Microsoft Bidik UKM dan Pelaku Bisnis lewat Bundel Software Microsoft 365

In Berita Terhangat dan Terkini by Kia Pratiwi

Microsoft baru-baru ini mengumumkan produk terbaru mereka yang diberi nama Microsoft 365. Produk berupa bundel software dari Microsoft untuk pelaku bisnis dan UKM ini terdiri atas OS Windows 10 dan sederet program Microsoft Office 365 lainnya yang tergabung dalam satu akun berlangganan. Penawaran ini merupakan strategi Microsoft untuk menggenjot penjualan produk berbasis cloud yang kini menjadi fokus dari devisi pemasaran mereka. Dikutip dari blog resmi Microsoft, raksasa perangkat lunak tersebut melihat skema berlangganan sebagai model bisnis masa depan dalam bisnis software modern. Tak hanya menyertakan OS Windows 10 dan sederet program Office saja, Microsoft 365 juga menawarkan program untuk keperluan bisnis lainnya seperti Microsoft Connections untuk membantu upaya pemasaran pengguna, Microsoft Listings guna membantu eksposur situs resmi perusahaan milik pengguna di jagat internet, dan Microsoft Invoicing yang dapat memperlancar proses penagihan serta penerimaan pendapatan perusahaan.

Microsoft makin condong ke skema berlangganan


Judson Althoff selaku Executive Vice President Microsoft menjelaskan bahwa Microsoft 365 merupakan usaha terbaru mereka untuk merancang, membangun, dan memenuhi kebutuhan pelanggan terhadap lingkup bekerja yang serba modern. “Ini adalah pendekatan yang lebih kohesif serta mencerminkan pergeseran mitra dan pelanggan bersama kami,” tulis Judson. Melalui produk terbaru ini, Microsoft tak hanya menawarkan cara yang lebih efisien melalui penyediaan sederet software buatan mereka dalam satu akun, tetapi juga kemudahan manajemen IT karena sentralisasi kendali software ke semua komputer milik perusahaan. Paket Microsoft 365 akan mulai diluncurkan pada 1 Agustus 2017 dengan harga bervariasi, mulai dari paket Enterprise hingga paket Business. Microsoft 365 for Business rencananya memiliki biaya berlangganan sebesar US$20 (sekitar Rp267 ribu) untuk satu akun pengguna, per bulan.

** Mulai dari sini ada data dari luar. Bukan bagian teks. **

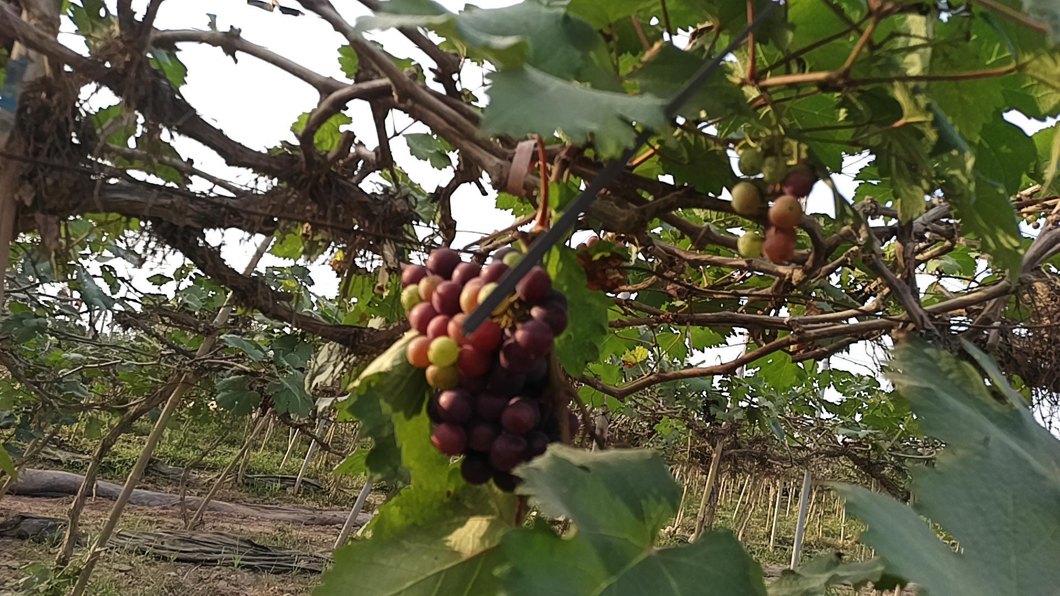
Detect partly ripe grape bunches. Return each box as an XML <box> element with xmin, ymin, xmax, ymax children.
<box><xmin>574</xmin><ymin>235</ymin><xmax>630</xmax><ymax>292</ymax></box>
<box><xmin>732</xmin><ymin>127</ymin><xmax>816</xmax><ymax>264</ymax></box>
<box><xmin>401</xmin><ymin>247</ymin><xmax>570</xmax><ymax>491</ymax></box>

Model bisnis SaaS semakin dilirik banyak pihak


Wacana Microsoft untuk semakin serius menggeluti model bisnis software-as-a-service (SaaS) sebenarnya telah bergulir sejak lama. Model bisnis serupa juga telah diterapkan sejumlah pemain lainnya seperti Adobe, Autodesk, dan sebagainya. Model bisnis SaaS sempat mengundang perdebatan di ranah konsumen karena kepemilikan lisensi software tak sepenuhnya lagi menjadi hak pengguna. Meski demikian, dalam perkembangannya, model bisnis ini juga membuktikan manfaatnya sebagai solusi dalam mendapatkan program secara mudah, lengkap dengan dukungan teknis yang resmi, dan harga terjangkau.  Sejumlah pelaku bisnis software pun juga mulai memberlakukan model ini karena dianggap mampu memerangi pembajakan dan lebih menguntungkan dari segi bisnis. Hal tersebut bisa dilihat dari pencapaian Adobe yang sukses menggaet 9 juta pelanggan melalui bisnis Creative Cloud mereka. Tak heran jika kemudian model bisnis SaaS juga diterapkan sejumlah pelaku startup software bisnis di Indonesia seperti Telanta , Sleekr, dan lainnya.